Best Practices

Rule-Based vs. Model-Based Classification

eContext offers a unique combination of curated, rule-based classification and machine learned, neural network model-based classification. Users can request classification from one or the other, or use a hybrid ML + rule-based system.

Classification results from the rule-based system can come from any one of eContext’s 500,000+ topic categories, across its 20+ levels of the hierarchy. Classification from the model-based system can come from one of approximately 2,000 topic categories at the first 3 levels of depth in the hierarchy.

Users can select the method they wish to use with the classification_type parameter, and the values below:

Value Description
0 Uses a hybrid ML + rule-based methodology (default for classify/text, classify/html, classify/url, and classify/keywords)
1 Rule-based method, only (default for classify/social)
2 Mode-based method, only

When machine learning models are being utilized, by default, eContext filters out predictions that fall below a certain probability threshold. This threshold can be adjusted by passing in an ml_threshold parameter with a float value between 0.0 and 1.0.

{
  "classification_type": 2,
  "ml_threshold": 0.70,
  "social": [
    "han and luke"
  ]
}

Fixing Classification Results to a Point in Time

eContext is continually expanding and improving its classification abilities, adding & removing categories in its hierarchy and altering rules that guide classification. New data is available in the eContext service every 24 hours (00:00 UTC).
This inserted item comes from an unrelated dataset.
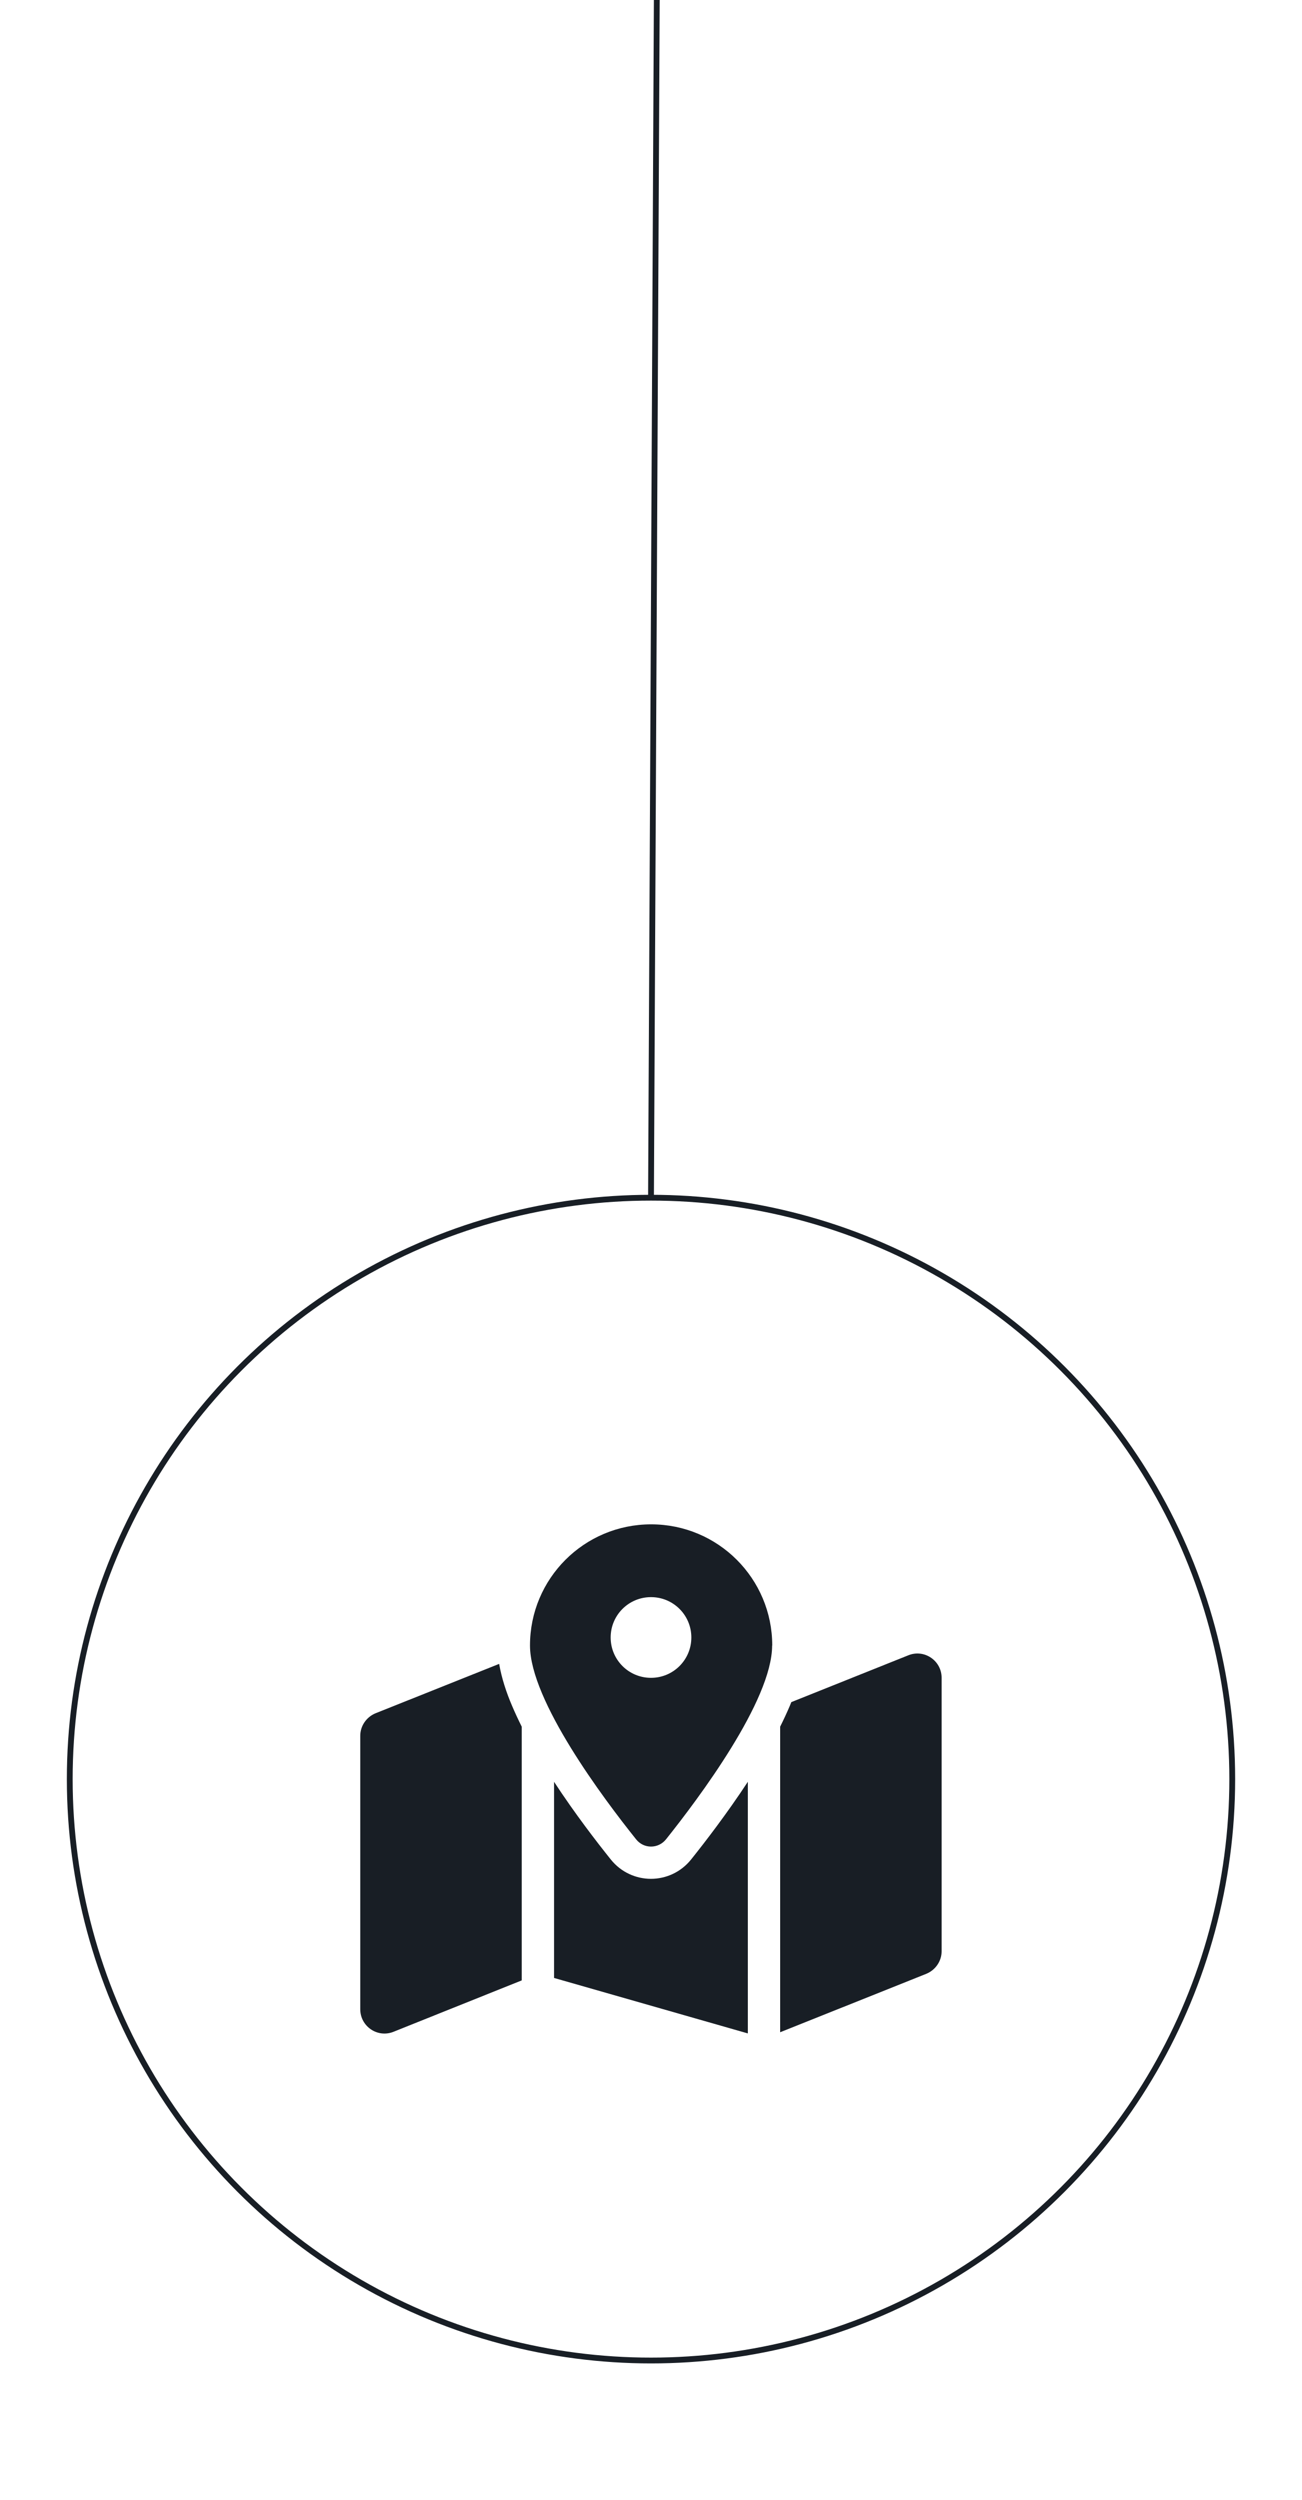 <svg xmlns="http://www.w3.org/2000/svg" id="Layer_1" data-name="Layer 1" viewBox="0 0 112 215"><defs><style>      .cls-1 {        fill: none;        stroke: #181e25;        stroke-miterlimit: 10;        stroke-width: .5px;      }      .cls-2 {        fill: #181e25;      }    </style></defs><g><circle class="cls-1" cx="56" cy="153" r="50"></circle><line class="cls-1" x1="56.5" y1="-.5" x2="56" y2="103"></line></g><path class="cls-2" d="M66.42,141.51c0,4.74-6.35,13.19-9.13,16.67-.67,.83-1.91,.83-2.57,0-2.79-3.48-9.13-11.93-9.13-16.67,0-5.76,4.66-10.42,10.42-10.42s10.42,4.66,10.42,10.42Zm.69,6.98c.3-.6,.58-1.2,.83-1.79,.04-.1,.09-.22,.13-.32l10.07-4.03c1.37-.55,2.86,.46,2.86,1.94v23.51c0,.85-.52,1.61-1.31,1.94l-12.58,5.03v-26.27Zm-24.17-5.39c.21,1.22,.62,2.46,1.11,3.6,.25,.59,.53,1.19,.83,1.79v21.82l-11.03,4.42c-1.37,.55-2.86-.46-2.86-1.94v-23.51c0-.85,.52-1.61,1.31-1.94l10.64-4.25h0Zm16.51,16.81c1.21-1.51,3.1-3.97,4.88-6.68v21.64l-16.67-4.77v-16.87c1.78,2.72,3.67,5.17,4.88,6.68,1.78,2.22,5.13,2.22,6.91,0Zm-3.45-15.62c1.92,0,3.47-1.55,3.47-3.47s-1.55-3.47-3.47-3.47-3.47,1.55-3.47,3.47,1.55,3.47,3.47,3.47Z"></path></svg>

However, there may be cases where users do not want the classification to change over the course of a long-running job or while processing batches of content across several days.

To ensure this consistency, users may pass in the taxonomy_timestamp parameter with their request. This parameter accepts a unix timestamp which will instruct the engine to ignore any changes made to the classification system after this date. Any timestamp within the past three weeks is considered valid. See the below example:

{
  "async":false,
  "taxonomy_timestamp":1514764800,
  "social":[
    "happy new year!"
  ]
}